Hey Peter,
Great to hear from you, it was a good idea to make this list, even for the
problems last week.
Is this boundary between system and user tables the only way to separate to two
types of tables?
If yes, how do one tell them a part , if the boundary changes ?..... One could
of course parse the TableName
and take the non xxx$db$yyyyy tables as user tables, but this only holds if all
system tables starts with xxx$db$.
I see there is a Type column in the xxx$db$tables, but it looks like its
something like a type for tables/index,
and system+user tables have the same type.
I guess that idb adds 1 to the TableID when new tables is created and if tables
gets dumped there will be a hole
in the TableIDs.

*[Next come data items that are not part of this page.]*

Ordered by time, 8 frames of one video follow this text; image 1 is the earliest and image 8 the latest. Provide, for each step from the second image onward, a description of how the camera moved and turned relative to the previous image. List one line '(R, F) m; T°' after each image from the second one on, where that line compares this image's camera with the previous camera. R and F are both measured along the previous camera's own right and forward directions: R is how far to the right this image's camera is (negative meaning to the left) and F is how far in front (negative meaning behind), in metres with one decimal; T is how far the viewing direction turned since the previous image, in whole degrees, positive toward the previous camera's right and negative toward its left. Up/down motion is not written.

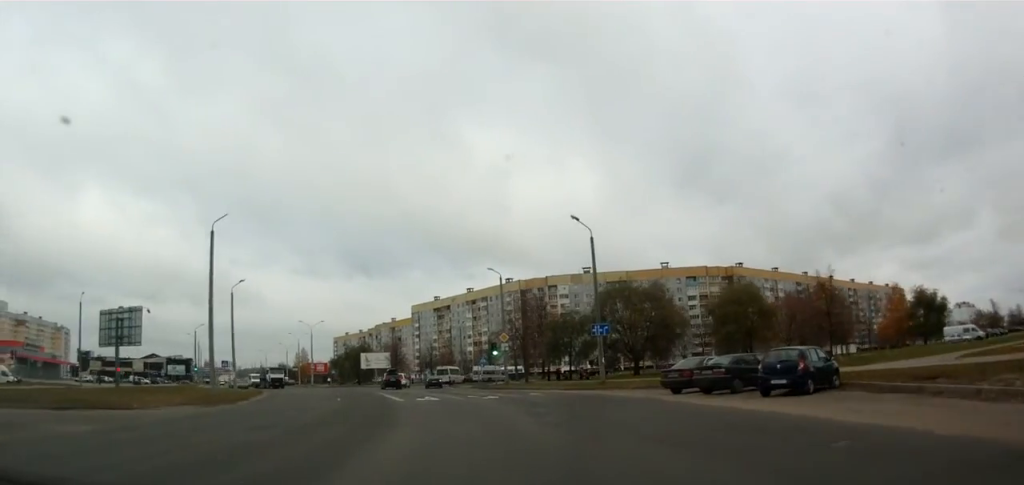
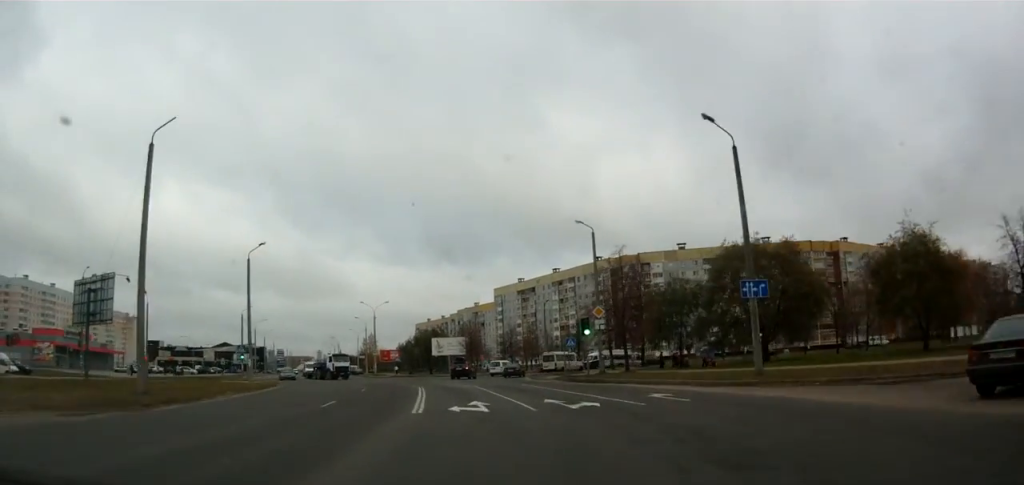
(-0.5, +15.1) m; -5°
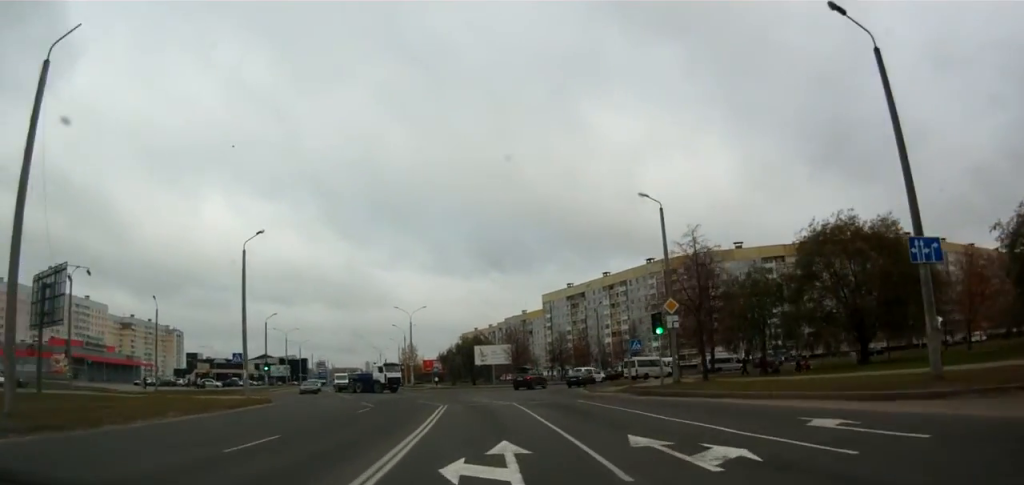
(-0.3, +9.3) m; -4°
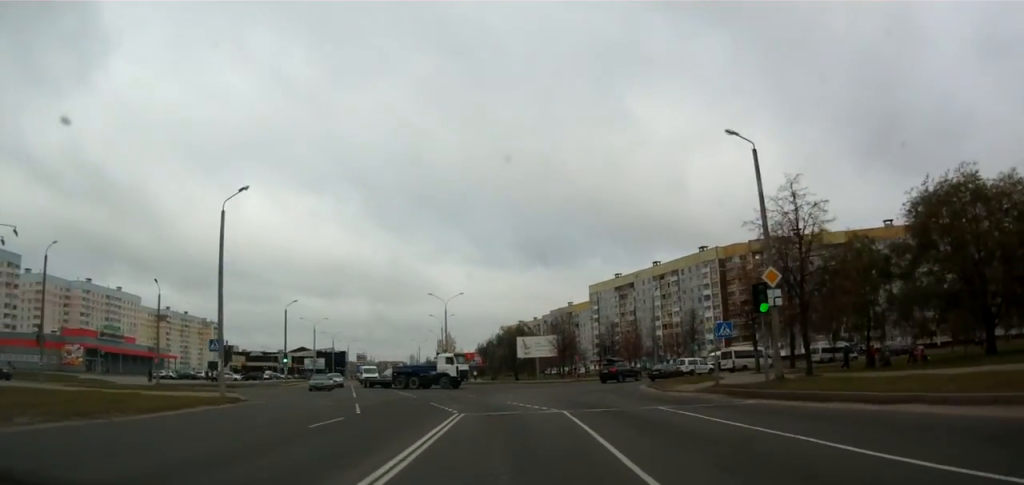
(-0.3, +9.6) m; -5°
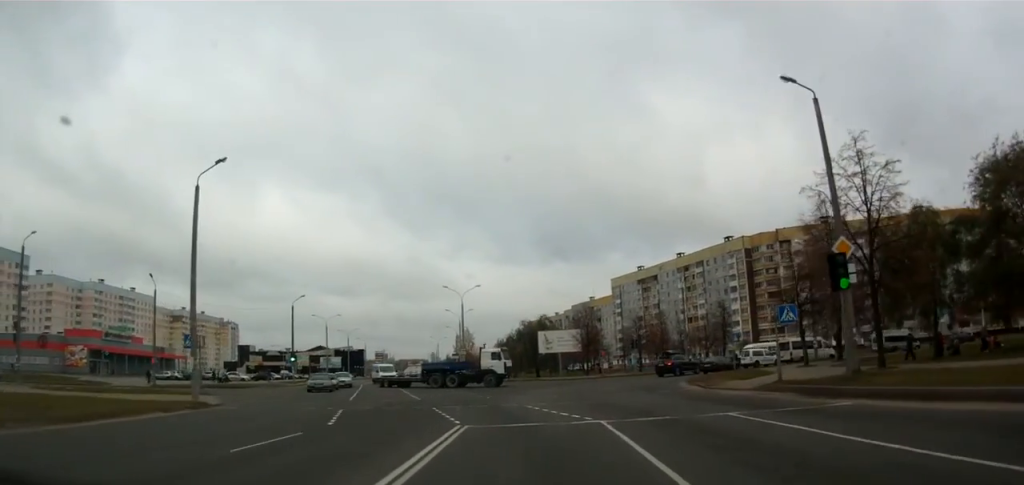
(-0.3, +5.2) m; -3°
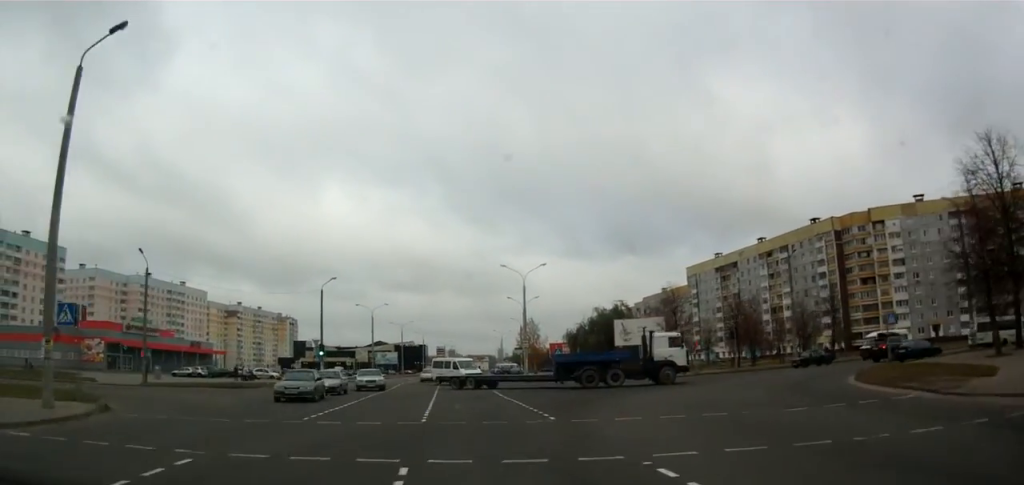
(-0.7, +13.8) m; -6°
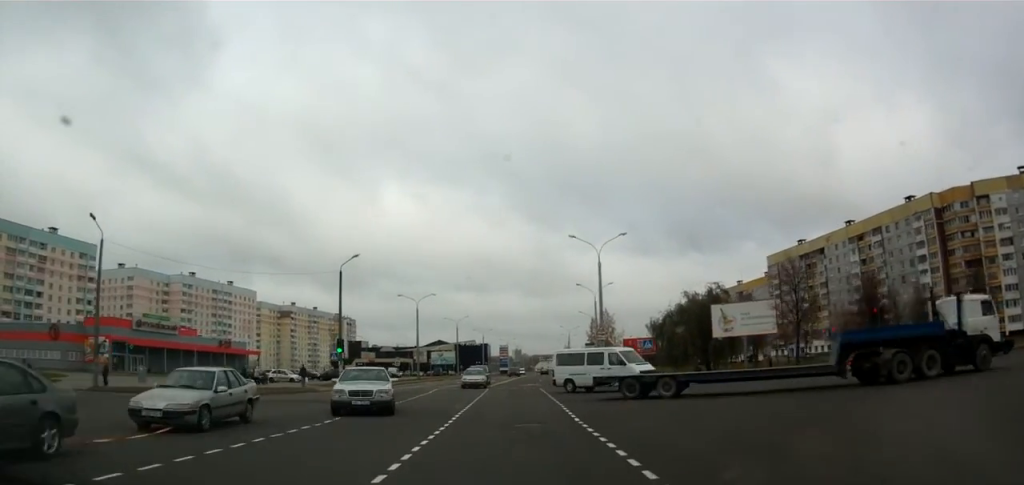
(-1.1, +15.5) m; -7°
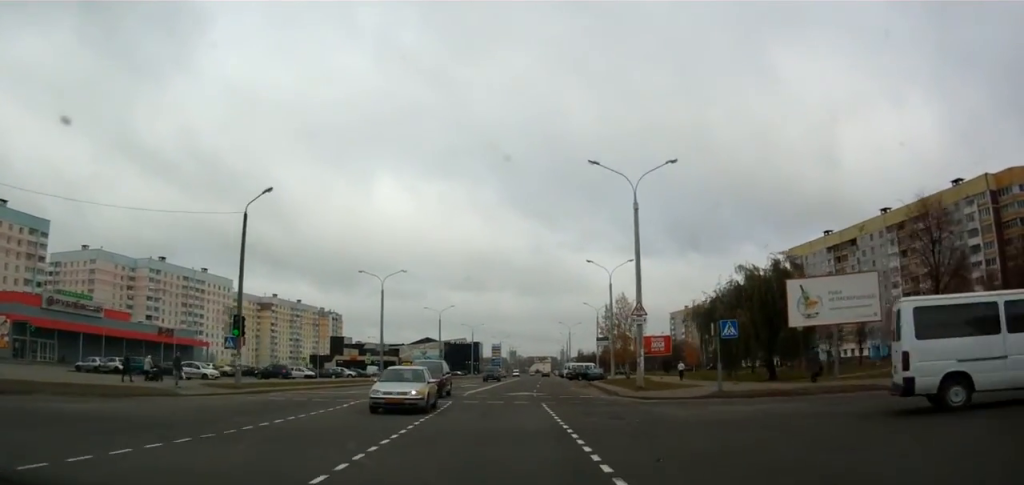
(-1.1, +18.4) m; -3°

This is the reason for my boundary at 1040.
You say that system IDs always are the same, is this also true for a once
created user table that its ID is fixed ?
Greetings
Martin
"Peter Hearty" <peter.hearty@ceasar.demon.co.uk> on 22-10-99 10:14:25
To: instantdb@smartcard.co.uk
cc:
Subject: Re: xxx$db$tables
>I hope this mailing list is ok (?).
>
Me too.
>Will all "user" created tables in the xxx$db$tables tables always get a
TableID
>>= 1040 (unless they are dumped and therefore = 0) and do all idb
>"private/system" tables have IDs lower then 1040 ??
>If they are, is a table's TableID always the same ?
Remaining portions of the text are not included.